I’m willing to pay that price, because I know that it is the price of freedom, and America’s greatness in the world has been fixed to our ability (until the recent death of Steve Jobs) to come up with new ideas (telephones, automobiles, jazz, airplanes, transistors, rock and roll, computers, rocket ships, rap, etc. have all been American led inventions). In my work, I want to bring America back from the artistic abyssal world of Nobody to the world of time, in which Creed can return again and again (and even again, if necessary) from the static and so impossible world of Nobody’s unity to a world in which people have to live their lives one moment in time without convenient refuge in a world of fiction that can never be in fact.

I Come Through

It has taken me years to get to the point where I feel I have a new idea that everyone is unconsciencoiusly aware of of but no one has yet expressed. Because of this this, I expect to be misunderstood by anybody who reads this far (and let’s be serious, nobody will), but my world of temporary fiction also finds its ground in the 1960s, in which Paul McCartney and the Beatles could sing ridiculous fantasies about women who came in through the bathroom windows (not as people are supposed to through doors but who did not have enough sense to know that her version of reality is distorted by an also magical silver spoon (not gold, as it was in Yeats’ poem). This version is by Joe Cocker, because, let’s face it, that guy can sing:

http://www.youtube.com/watch?v=MiXh2gnasw0

When the young woman comes in through the bathroom window, she wanders by her own lagoon (a Spenserian argument if there ever was one) but she, like Redcrosse, is a baby in her own mind, being young enough to still be sucking her thumb and so not old enough to have discarded the silver spoon that covers her ignorance of the way the world actually works. The way the world actually works is through time, as Sunday’s on the phone to Monday, and Tuesday’s on the phone to Wednesday, all the way back to Sunday, when the whole cycle starts all over again (it never gets back to me, as Joyce’s masterpiece Finnegans Wake didn’t either). This reminds my over-trained literary mind of the reference to the omphalos in James Joyce’s other masterpiece, Ulysses in which he imagines the impossible dream of being able to get back to Eden through his mother’s mother’s mother…until he gets back to the historical Eve from whom all women sprang.

It doesn’t work; and the reason is quite clear to anyone who has never read a book in their life.
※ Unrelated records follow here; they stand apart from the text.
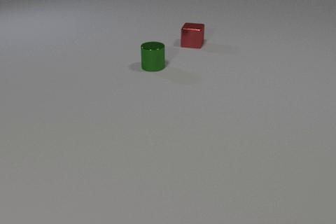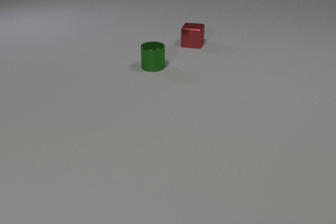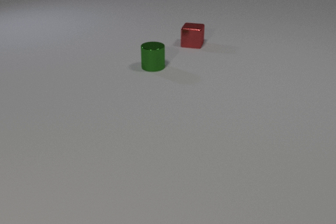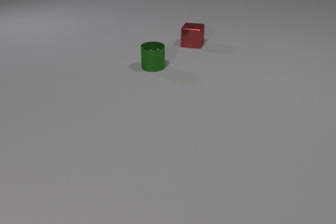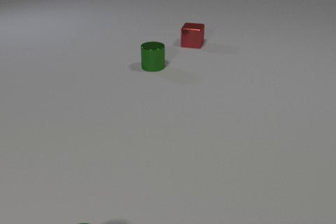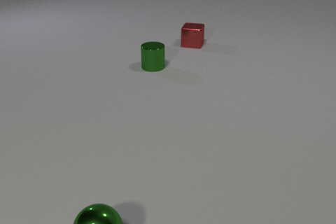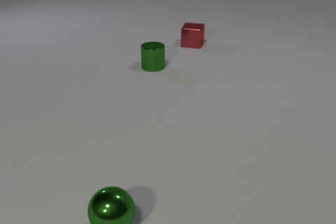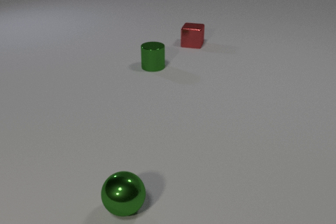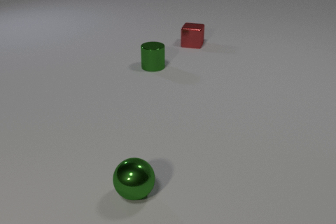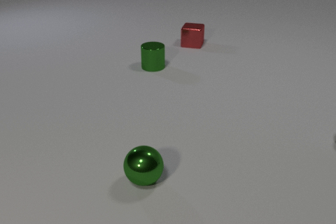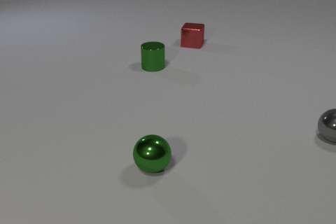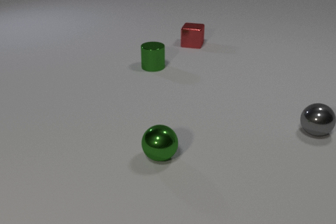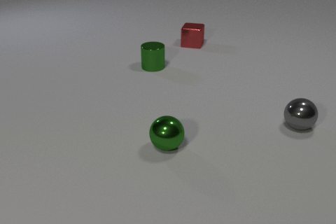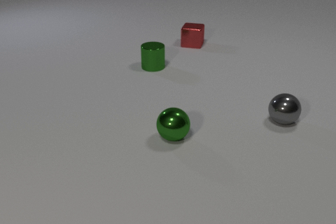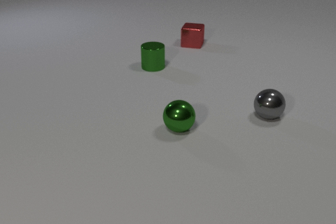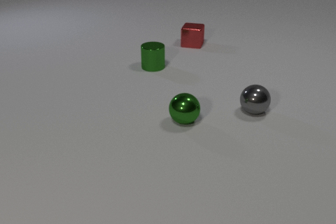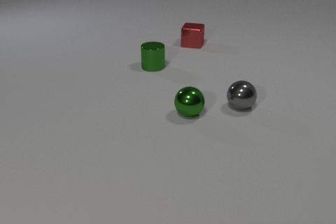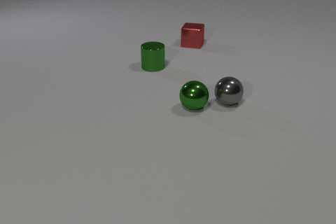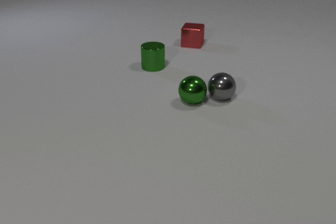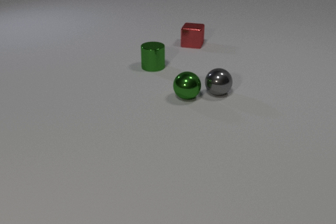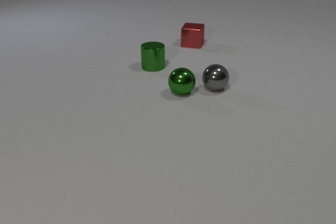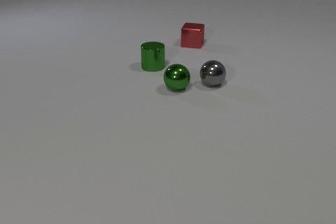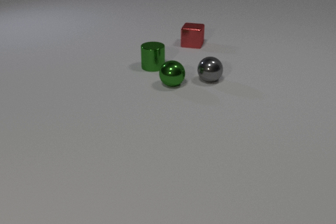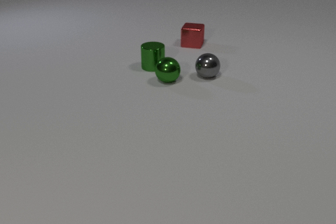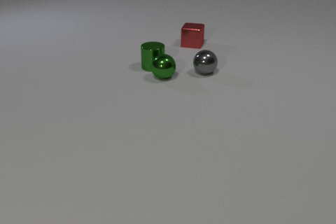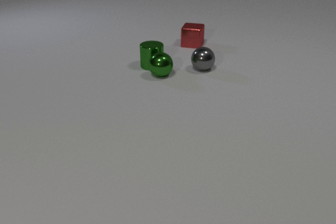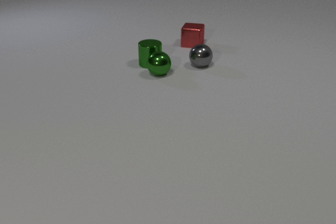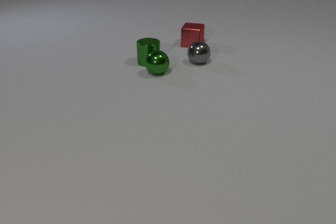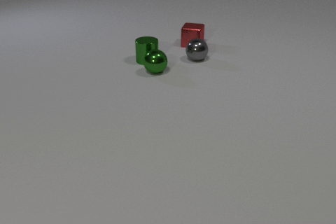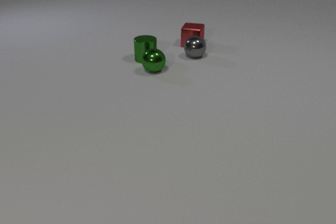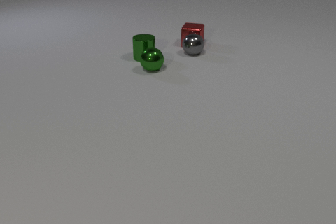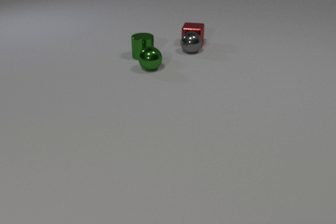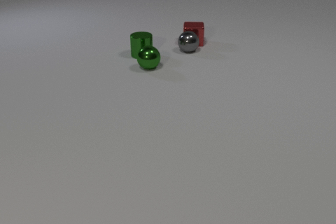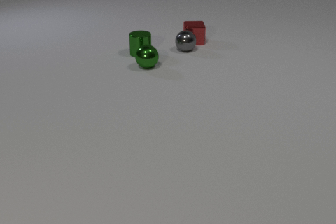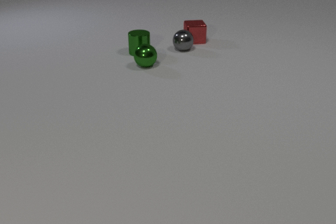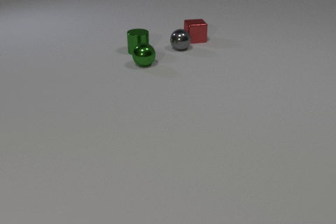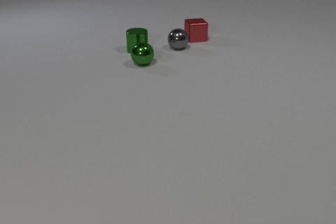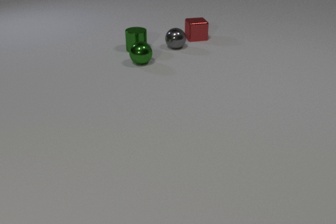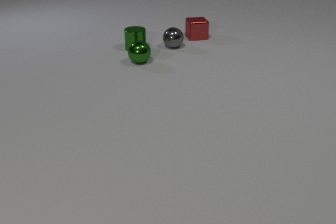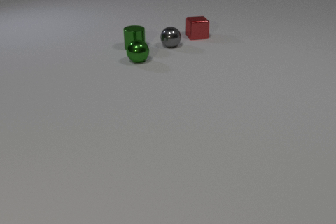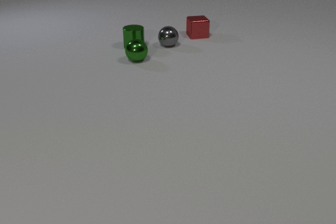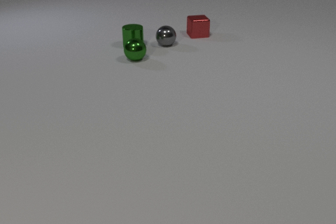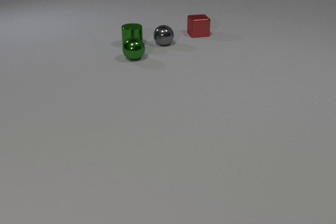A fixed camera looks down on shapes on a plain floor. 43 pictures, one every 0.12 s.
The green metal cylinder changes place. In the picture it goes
away from the camera.
The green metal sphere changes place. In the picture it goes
away from the camera.
0.00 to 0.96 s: The green metal sphere comes in at the bottom edge, rolls away from the camera and to the right.
0.96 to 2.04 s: The green metal sphere rolls away from the camera. The gray metal sphere comes in at the right edge, rolls to the left.
2.04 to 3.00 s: The green metal sphere rolls away from the camera and to the left. The gray metal sphere rolls away from the camera. The green metal sphere and the gray metal sphere collide. The green metal sphere and the green metal cylinder collide.
3.00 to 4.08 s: The green metal sphere rolls away from the camera and to the left. The gray metal sphere rolls away from the camera. The green metal cylinder slides away from the camera. The red metal cube slides away from the camera. The gray metal sphere and the red metal cube collide.
4.08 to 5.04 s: The green metal sphere rolls away from the camera and to the left. The gray metal sphere rolls to the left and away from the camera. The green metal cylinder slides away from the camera. The red metal cube slides away from the camera.
What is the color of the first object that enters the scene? green.
How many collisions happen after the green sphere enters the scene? 3.
What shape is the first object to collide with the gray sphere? sphere.

It doesn’t work because it is patently ridiculous to believe that unseen things do exist (like imaginary chains that link us back through our mother’s womb to Eve) while seen things (like the beach to which Stephen closes his eyes to in order to imagine such nonsense) do not. But because they have long histories in literary history, those who dedicate their lives to reading frequently think that they indicate a deeper purpose of meaning in the universe and not just nonsense. This is because James Joyce said so, and he was a genius, and geniuses wouldn’t say such things unless there was more than a kernel of truth in what he ways. This is also the reason that the worst offenders in this respect are not the ignorant with their abundant common sense, but airy academics, who believe that what they read in texts must somewhere exist in the real world and cannot be a complete fantasy. Charlie, in the fantasy above, was right when he complains that there is no such thing as a candy mountain. For not believing his senses, he is punished with the loss of a kidney.

I obviously disagree with my academic colleagues and friends, but then who am I do contradict so many great and powerful thinkers?